To assign the sequences to the representative sequence set, using a reference set of sequences and a taxonomy to id assignment text file, where the results are output to default directory “blast_assigned_taxonomy”, you can run the following command:
assign_taxonomy.py -i repr_set_seqs.fasta -r ref_seq_set.fna -t id_to_taxonomy.txt
Optionally, the user could changed the E-value (“-e”), using the following command:
assign_taxonomy.py -i repr_set_seqs.fasta -r ref_seq_set.fna -t id_to_taxonomy.txt -e 0.01
Assignment with the RDP Classifier:
The RDP Classifier program (Wang, Garrity, Tiedje, & Cole, 2007) assigns taxonomies by matching sequence segments of length 8 to a database of previously assigned sequences. It uses a naive bayesian algorithm, which means that for each potential assignment, it attempts to calculate the probability of the observed matches, assuming that the assignment is correct and that the sequence segments are completely independent. The RDP Classifier is distributed with a pre-built database of assigned sequence, which is used by default. The quality scores provided by the RDP classifier are confidence values.

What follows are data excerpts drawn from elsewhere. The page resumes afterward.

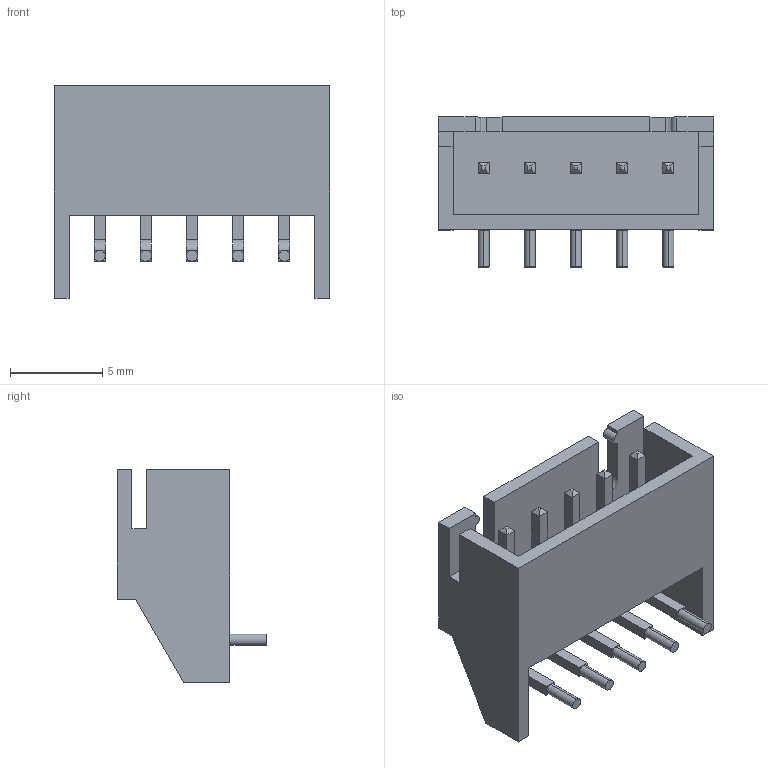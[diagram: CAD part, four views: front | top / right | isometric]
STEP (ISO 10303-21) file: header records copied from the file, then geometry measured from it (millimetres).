
FILE_DESCRIPTION (( 'STEP AP214' ), '1' );
FILE_NAME ('User Library-S XH-A.STEP', '2019-08-30T08:05:52', ( '' ), ( '' ), 'SwSTEP 2.0', 'SolidWorks 2019', '' );
FILE_SCHEMA (( 'AUTOMOTIVE_DESIGN' ));
Length unit declared in the file: millimetre
Products named in the file (1): User Library-S XH-A
Bounding box: 14.9 x 8.1 x 11.5 mm (x, y, z)
Volume: 302.9 mm3; surface area: 918.7 mm2
Topology: 1 solids, 1 shells, 156 faces, 382 edges, 238 vertices
Faces by surface type: plane 132, cylinder 24
Entity records: 4991 total; most frequent: CARTESIAN_POINT 777, ORIENTED_EDGE 764, DIRECTION 754, EDGE_CURVE 382, LINE 324, VECTOR 324, VERTEX_POINT 238, AXIS2_PLACEMENT_3D 215

To assign the representative sequence set, where the output directory is “rdp_assigned_taxonomy”, the you can run the following command:
assign_taxonomy.py -i repr_set_seqs.fasta -m rdp
Alternatively, the user could change the minimum confidence score (“-c”), using the following command:
assign_taxonomy.py -i repr_set_seqs.fasta -m rdp -c 0.85
Note: If a reference set of sequences and taxonomy to id assignment file are provided, the script will use them to generate a new training dataset for the RDP Classifier on-the-fly. Due to limitations in the generation of a training set, each provided assignment must contain exactly 6 taxa in the following order: domain (level=2), phylum (level=3), class (level=4), order (5), family (level=6), and genus (level=7). Additionally, each genus name must be unique, due to the internal algorithm used by the RDP Classifier.